BEGIN GIVEN DATA

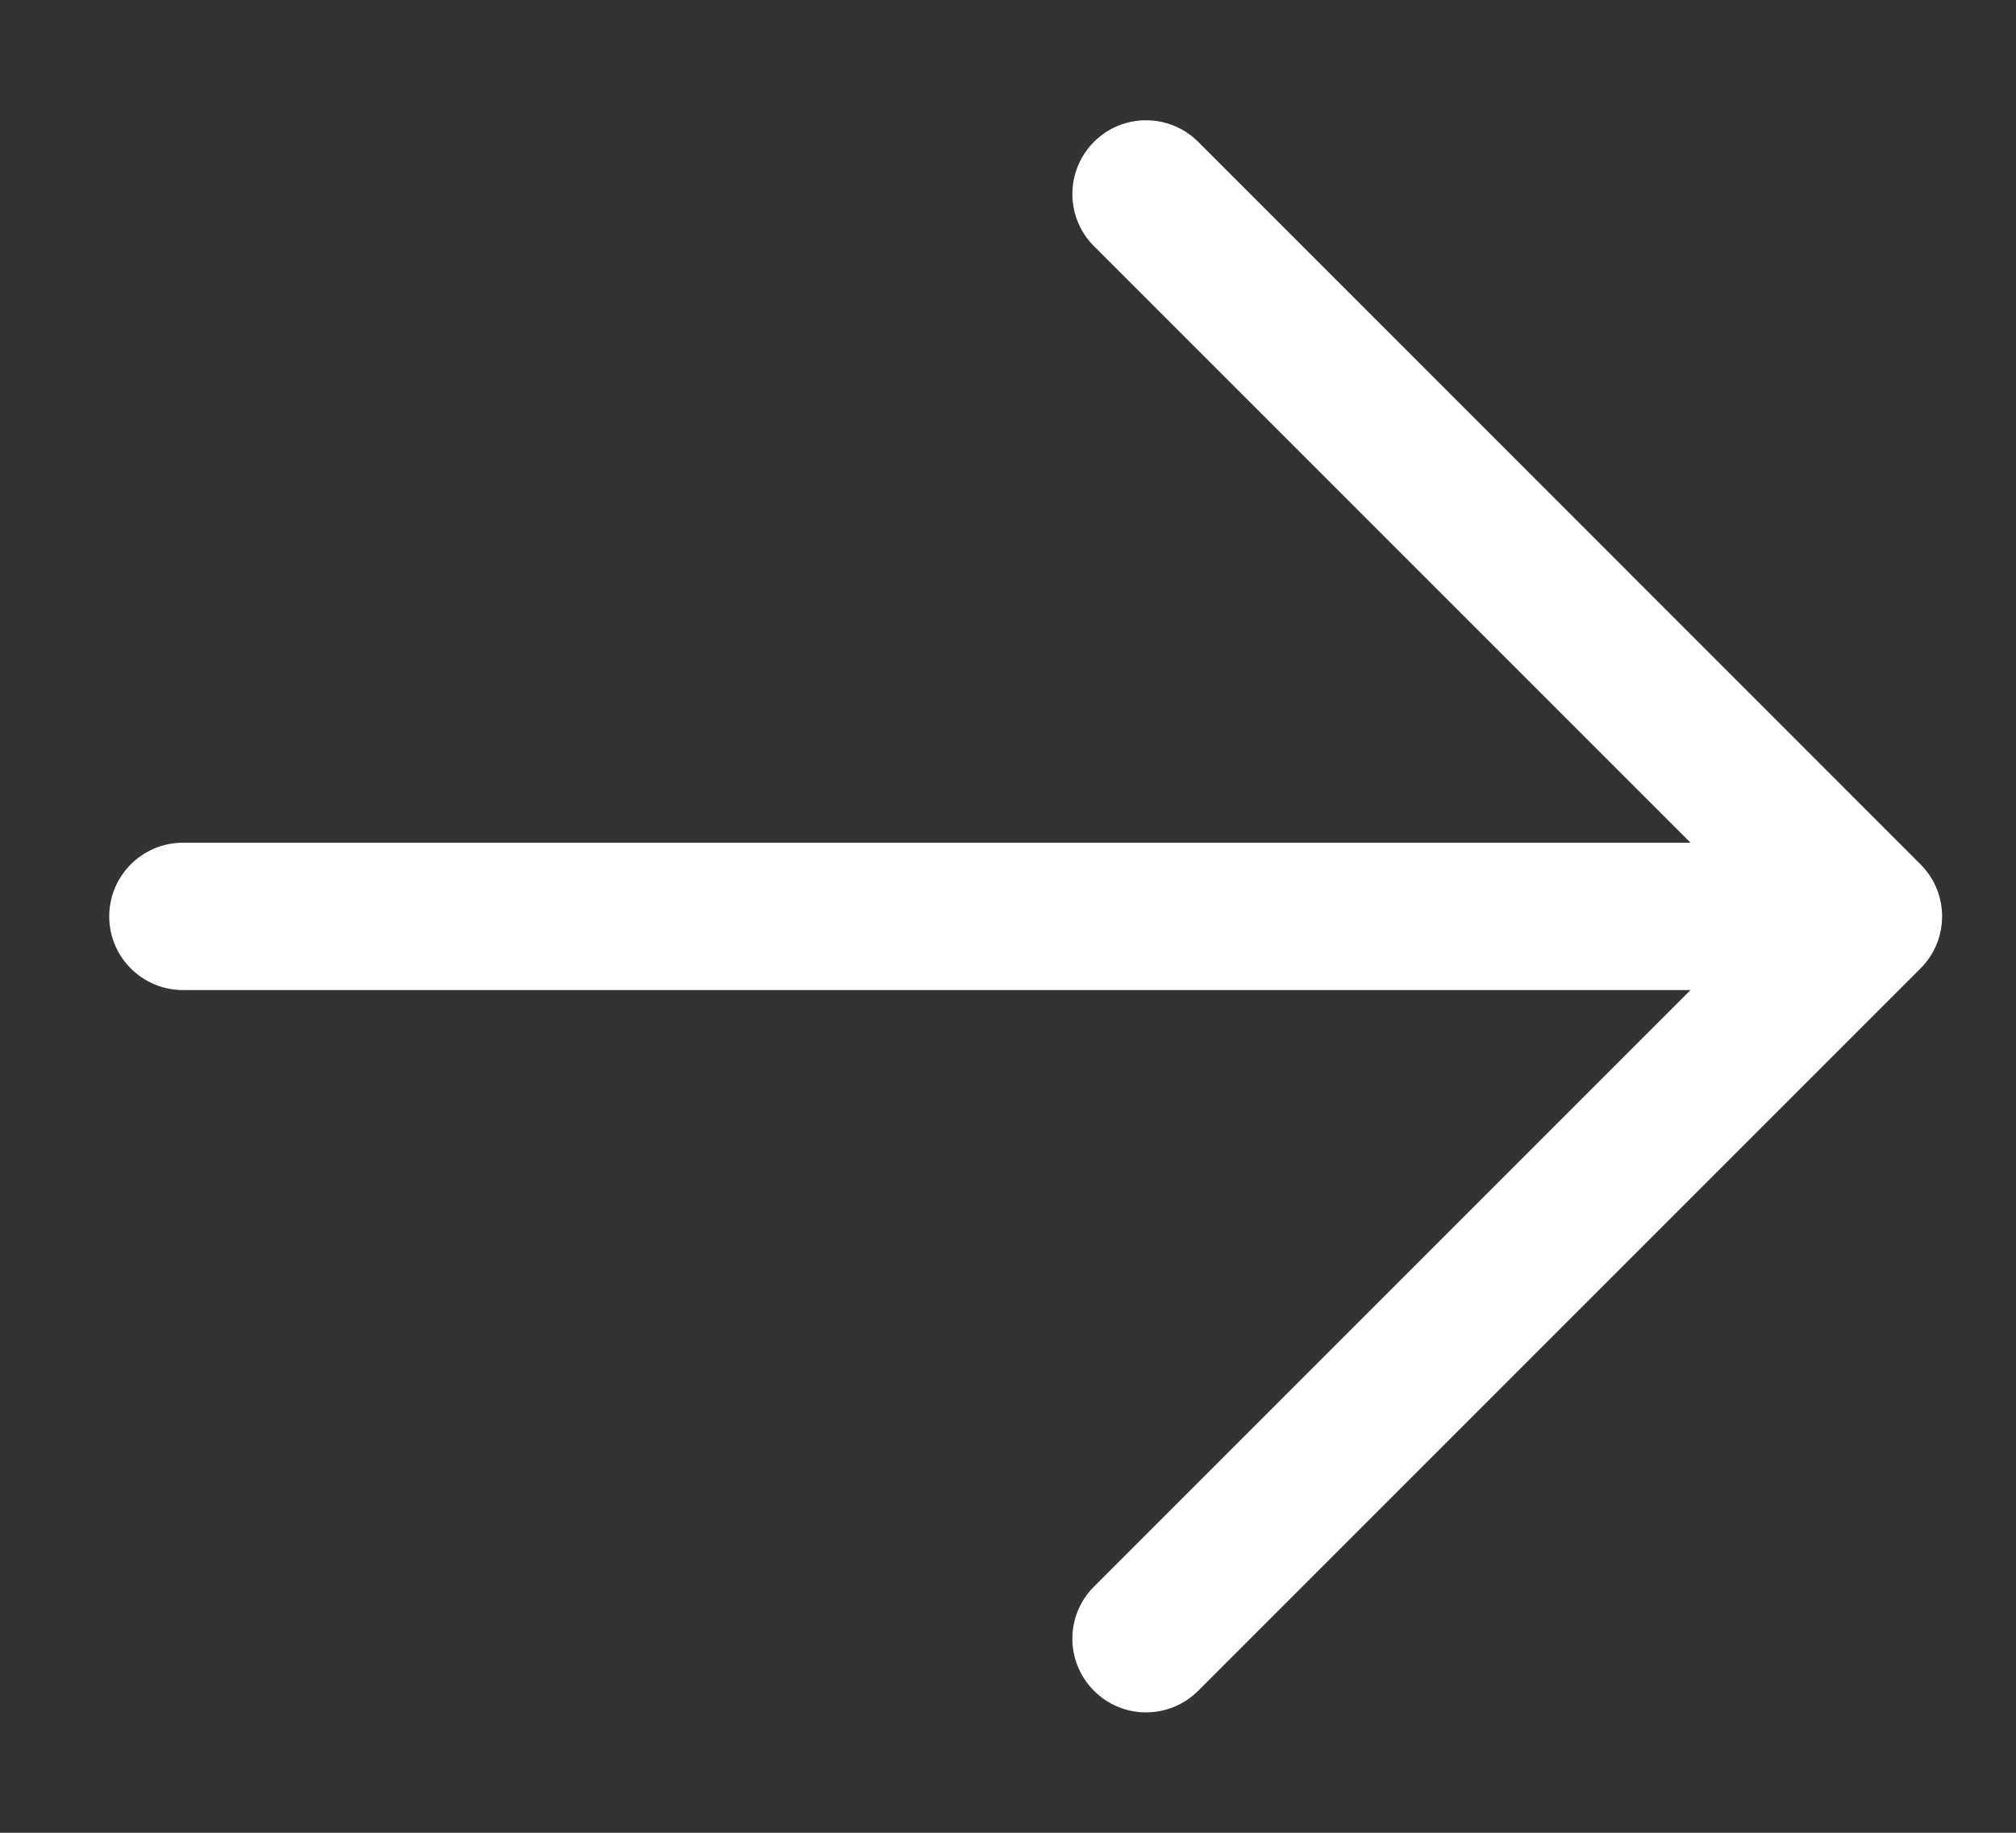 <svg width="11" height="10" viewBox="0 0 11 10" fill="none" xmlns="http://www.w3.org/2000/svg">
<rect x="0" y="0" width="11" height="10" fill="#333333" stroke="none"/>
<g clip-path="url(#clip0)">
<path d="M10.114 4.598H0.999C0.776 4.598 0.596 4.778 0.596 5C0.596 5.222 0.776 5.402 0.999 5.402H10.114C10.336 5.402 10.516 5.222 10.516 5C10.516 4.778 10.336 4.598 10.114 4.598Z" fill="white"/>
<path d="M10.479 4.716L6.538 0.774C6.38 0.617 6.126 0.617 5.969 0.774C5.812 0.932 5.812 1.186 5.969 1.343L9.626 5L5.969 8.657C5.812 8.814 5.812 9.068 5.969 9.225C6.048 9.304 6.15 9.343 6.253 9.343C6.356 9.343 6.459 9.304 6.538 9.225L10.479 5.284C10.636 5.127 10.636 4.873 10.479 4.716Z" fill="white"/>
</g>
<defs>
<clipPath id="clip0">
<rect width="10" height="10" fill="white" transform="translate(0.596)"/>
</clipPath>
</defs>
</svg>

END GIVEN DATA

Reading through the preceding records, tally each line that holds the word "white" and give the tally by itself.

■ RESULT OF THE TASK: 3